How to stop feeling stuck during your PhD [7 easy steps]

Andy Stapleton·
5 min read

Based on Andy Stapleton's video on YouTube. If you like this content, support the original creators by watching, liking and subscribing to their content.

TL;DR

Write down what “stuck” means and narrow it to one or two likely causes before choosing an intervention.

Briefing

Feeling stuck during a PhD is common—and it can stem from more than just “not working hard enough.” Research can fail, confidence can erode, depression or loneliness can creep in, and many students get trapped by comparison with their cohort. Sometimes the real issue is fit: the person has matured, the project no longer matches their goals, or academia isn’t the right path right now. The first move is to name the stuckness precisely by writing down what’s behind it, then narrowing it to one or two likely causes so action can replace vague dread.

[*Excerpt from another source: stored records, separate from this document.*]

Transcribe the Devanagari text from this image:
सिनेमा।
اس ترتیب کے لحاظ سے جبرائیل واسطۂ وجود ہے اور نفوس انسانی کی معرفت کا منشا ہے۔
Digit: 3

Once the cause is clearer, the practical antidote is to change inputs: treat stuckness like someone else’s problem and ask what advice you’d give them, then borrow that perspective. Creativity can also “unstick muddy feet,” especially when the work has become purely mechanical—learning a new skill, exploring new papers or fields, or doing something different for a short burst can restore momentum. Fun matters too. Even when the PhD isn’t consistently enjoyable, students can deliberately identify what they would actually want to do today, tomorrow, or next week, and build small experiments around that motivation.

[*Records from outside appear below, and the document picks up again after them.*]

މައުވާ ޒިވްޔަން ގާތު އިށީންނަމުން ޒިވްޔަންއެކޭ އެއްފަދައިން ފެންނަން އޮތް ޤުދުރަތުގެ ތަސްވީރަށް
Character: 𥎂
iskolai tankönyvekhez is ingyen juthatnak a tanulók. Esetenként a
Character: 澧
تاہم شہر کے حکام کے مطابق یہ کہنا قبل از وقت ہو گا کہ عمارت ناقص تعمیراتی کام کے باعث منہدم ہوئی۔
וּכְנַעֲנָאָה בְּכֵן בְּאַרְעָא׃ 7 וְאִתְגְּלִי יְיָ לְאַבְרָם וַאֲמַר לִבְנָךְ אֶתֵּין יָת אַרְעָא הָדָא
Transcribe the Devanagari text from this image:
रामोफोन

Not every stuck period is a temporary glitch. If the PhD isn’t the right match, the answer may be to test other waters rather than forcing endurance. That can mean taking a break—such as a sabbatical, even for six months or up to a year—without treating it as a moral failure. A short detour can reveal what feels energizing and whether the current path is truly desired.

For day-to-day recovery, the most repeatable strategy is to shrink the problem until it becomes executable. Instead of waiting for inspiration or “Eureka moments,” focus on the next month: pick a small set of tasks that move experiments forward and analyze results, then run them consistently. Break large projects into one-day chunks, and keep building momentum through small wins. When overwhelmed by the sheer number of micro-tasks, alternate between steady progress and a “Hail Mary” experiment—trying something bold that might fail, but could also spark excitement and direction.

Support systems are the other pillar. Accountability meetings—whether with peers in the same office or a small group—help students commit to specific weekly actions and review whether they happened. If possible, bring the struggle to a supervisor or senior lab member; a brief, honest conversation can reset perspective and reduce isolation. The apprenticeship nature of academia means mentorship is part of the job, not an optional extra.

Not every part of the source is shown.